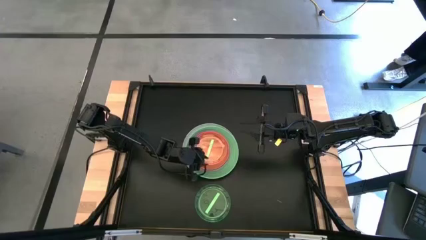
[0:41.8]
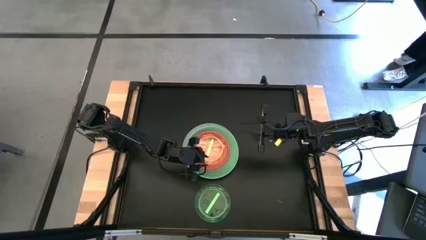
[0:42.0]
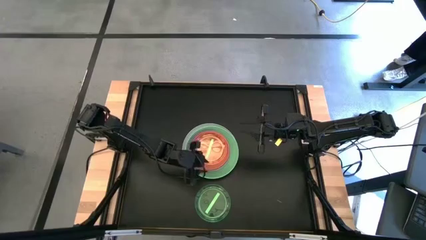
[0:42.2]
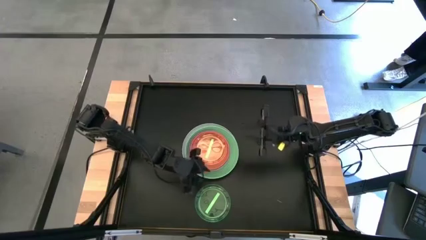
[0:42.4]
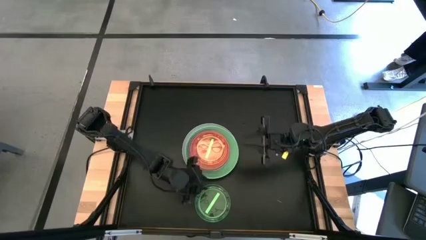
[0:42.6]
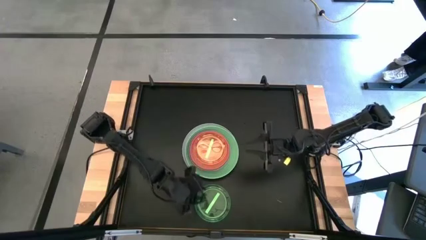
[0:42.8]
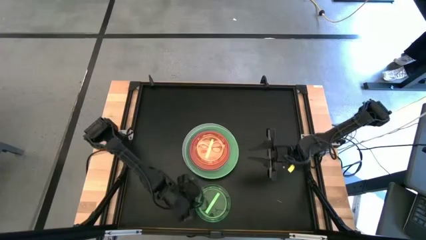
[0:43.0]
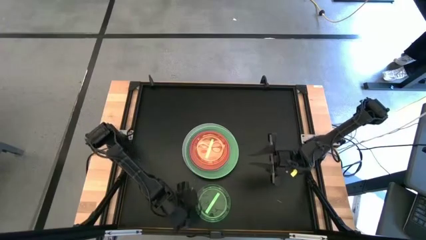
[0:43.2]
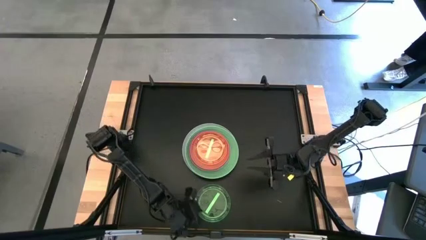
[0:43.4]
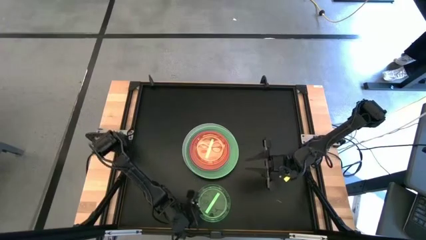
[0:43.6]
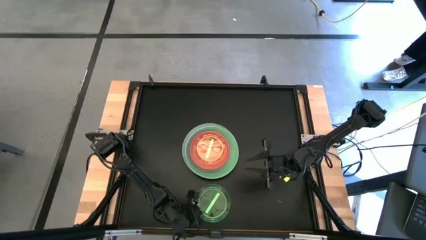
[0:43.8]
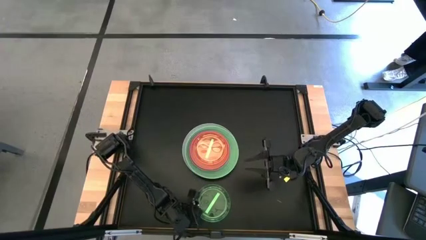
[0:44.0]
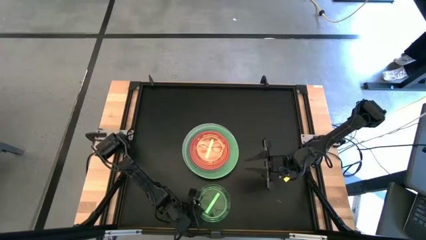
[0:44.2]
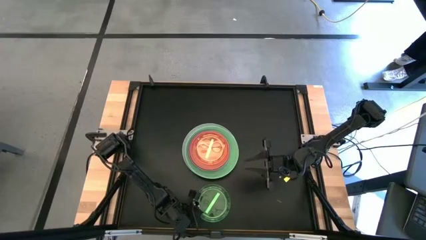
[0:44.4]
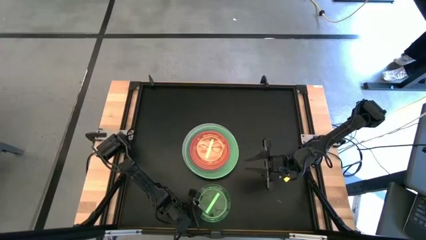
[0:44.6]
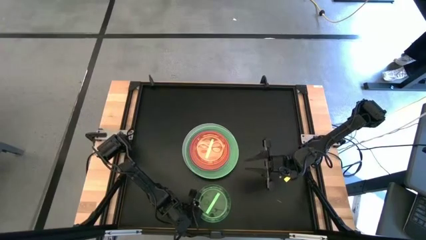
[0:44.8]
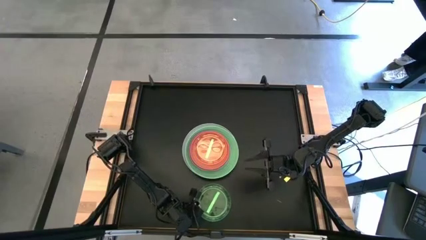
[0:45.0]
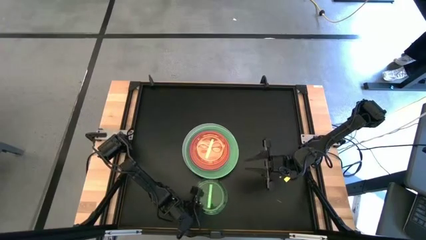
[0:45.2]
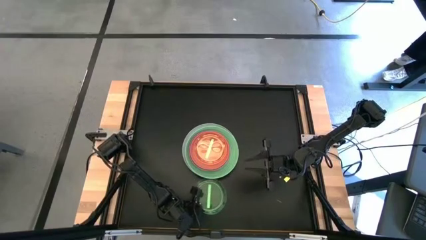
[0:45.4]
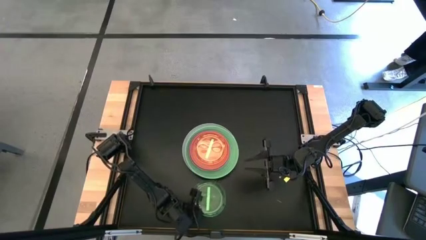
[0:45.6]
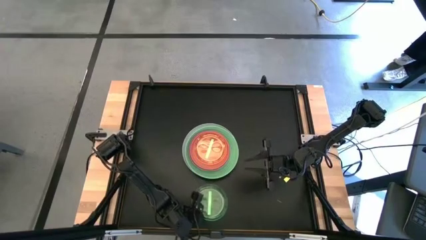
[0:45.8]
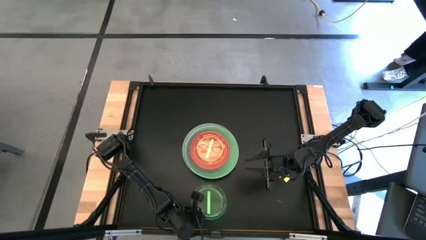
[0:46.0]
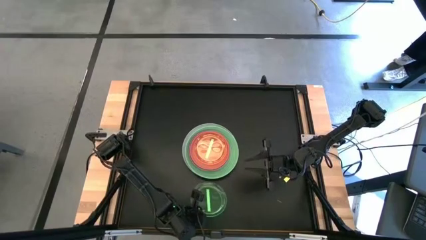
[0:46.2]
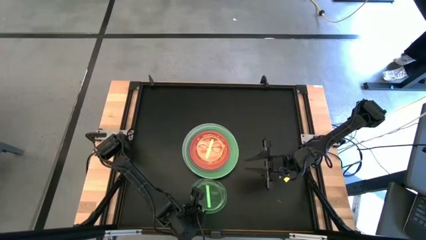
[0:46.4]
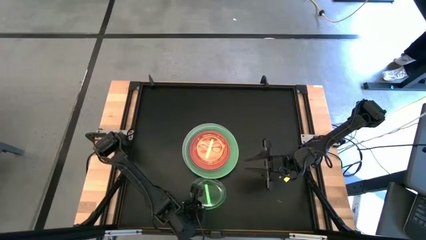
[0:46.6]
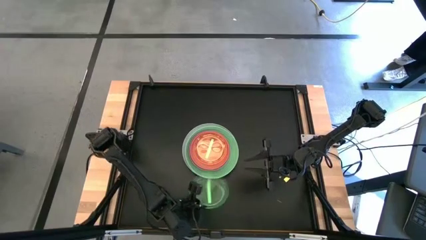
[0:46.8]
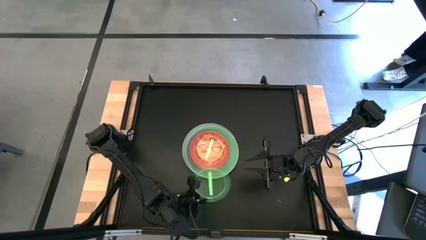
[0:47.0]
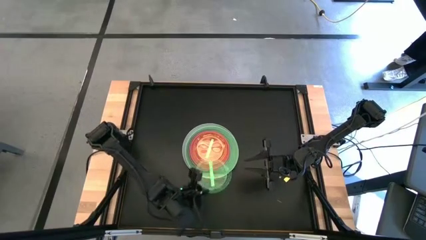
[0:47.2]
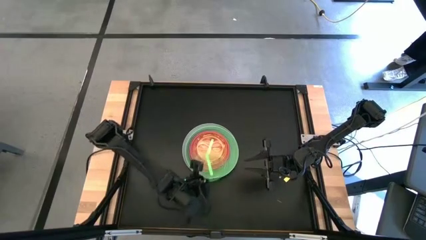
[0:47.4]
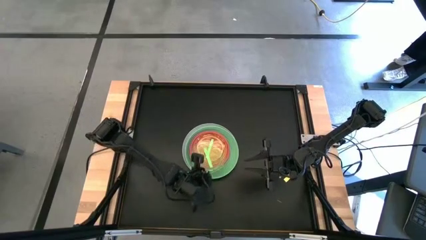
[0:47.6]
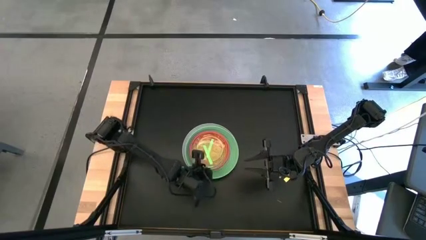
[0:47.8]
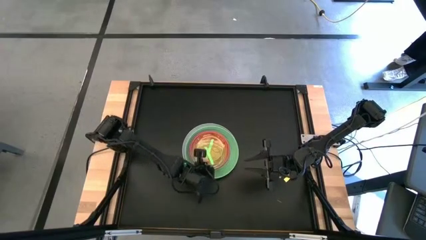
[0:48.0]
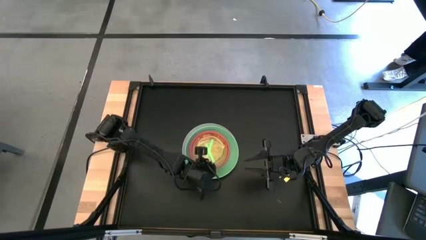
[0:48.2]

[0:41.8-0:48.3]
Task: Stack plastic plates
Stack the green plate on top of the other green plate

━━━━━━━━

Everything in the entries must be written out exactly; the pictures stay out.

→ **Solution for this task**
[0:41.8]
[0:42.0]
[0:42.2]
[0:42.4]
[0:42.6]
[0:42.8]
[0:43.0]
[0:43.2]
[0:43.4]
[0:43.6]
[0:43.8]
[0:44.0]
[0:44.2]
[0:44.4]
[0:44.6]
[0:44.8]
[0:45.0]
[0:45.2]
[0:45.4]
[0:45.6]
[0:45.8]
[0:46.0]
[0:46.2]
[0:46.4]
[0:46.6]
[0:46.8]
[0:47.0]
[0:47.2]
[0:47.4]
[0:47.6]
[0:47.8]
[0:48.0]
[0:48.2]

[0:41.8-0:48.3]
Task: Stack plastic plates
Stack the green plate on top of the other green plate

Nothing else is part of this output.